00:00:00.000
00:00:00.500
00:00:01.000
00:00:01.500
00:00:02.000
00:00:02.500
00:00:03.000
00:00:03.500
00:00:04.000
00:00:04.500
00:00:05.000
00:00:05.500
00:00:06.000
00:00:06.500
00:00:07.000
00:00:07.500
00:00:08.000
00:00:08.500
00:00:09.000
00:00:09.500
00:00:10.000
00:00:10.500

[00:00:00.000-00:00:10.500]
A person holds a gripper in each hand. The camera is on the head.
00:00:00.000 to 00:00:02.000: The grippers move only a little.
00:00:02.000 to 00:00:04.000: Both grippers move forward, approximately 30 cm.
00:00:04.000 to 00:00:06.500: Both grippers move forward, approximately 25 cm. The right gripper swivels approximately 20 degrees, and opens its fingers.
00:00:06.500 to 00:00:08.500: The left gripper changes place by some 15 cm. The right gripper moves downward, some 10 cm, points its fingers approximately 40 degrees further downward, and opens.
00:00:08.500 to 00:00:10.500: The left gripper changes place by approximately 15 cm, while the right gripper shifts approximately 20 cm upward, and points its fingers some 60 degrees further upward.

...

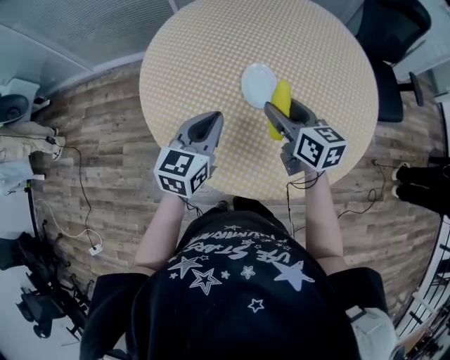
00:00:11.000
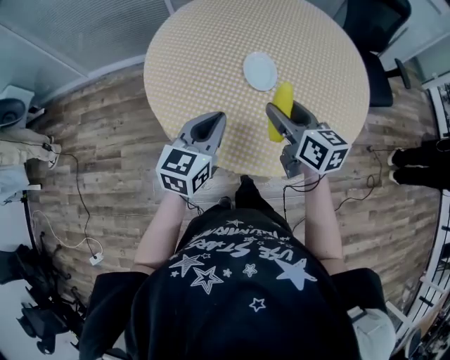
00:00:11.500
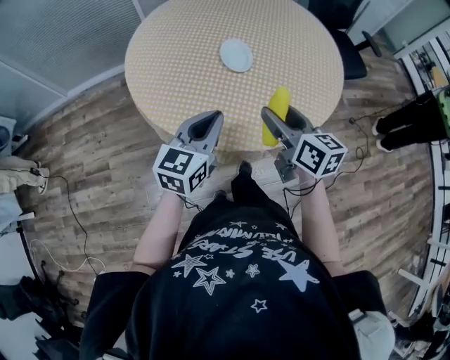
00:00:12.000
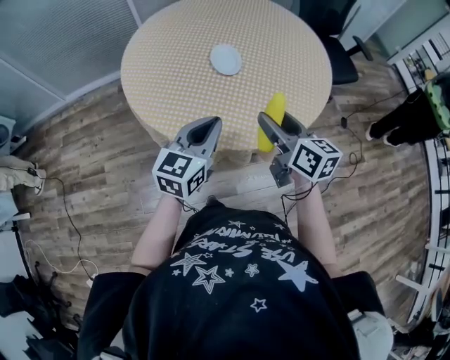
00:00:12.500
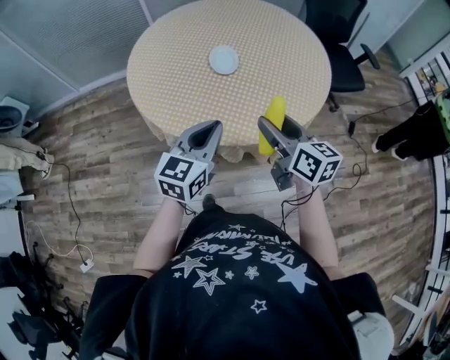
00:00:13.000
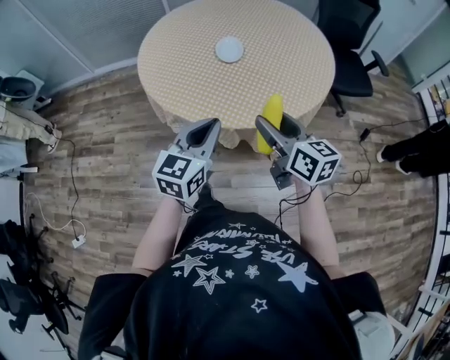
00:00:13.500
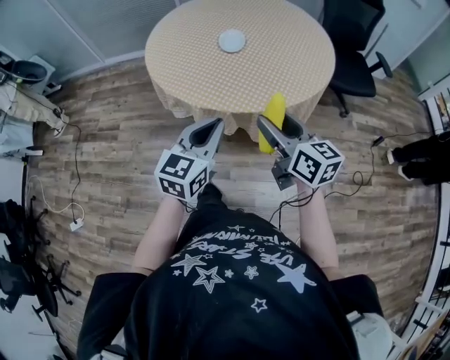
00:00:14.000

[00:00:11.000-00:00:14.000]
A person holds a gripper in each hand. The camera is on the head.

==

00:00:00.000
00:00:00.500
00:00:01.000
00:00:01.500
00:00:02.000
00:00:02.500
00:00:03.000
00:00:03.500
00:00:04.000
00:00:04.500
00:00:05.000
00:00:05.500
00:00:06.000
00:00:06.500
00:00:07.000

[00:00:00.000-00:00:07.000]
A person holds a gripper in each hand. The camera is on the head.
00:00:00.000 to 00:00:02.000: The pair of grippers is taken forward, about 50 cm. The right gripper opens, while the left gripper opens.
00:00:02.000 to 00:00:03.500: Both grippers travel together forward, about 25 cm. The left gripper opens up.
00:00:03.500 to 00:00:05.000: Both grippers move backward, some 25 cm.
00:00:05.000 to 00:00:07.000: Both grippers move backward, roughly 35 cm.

• Task brief: Could you restate, word for word, the lines above from the one with "00:00:09.500" to the one with "[00:00:00.000-00:00:10.500]", both included?

• The answer:
00:00:09.500
00:00:10.000
00:00:10.500

[00:00:00.000-00:00:10.500]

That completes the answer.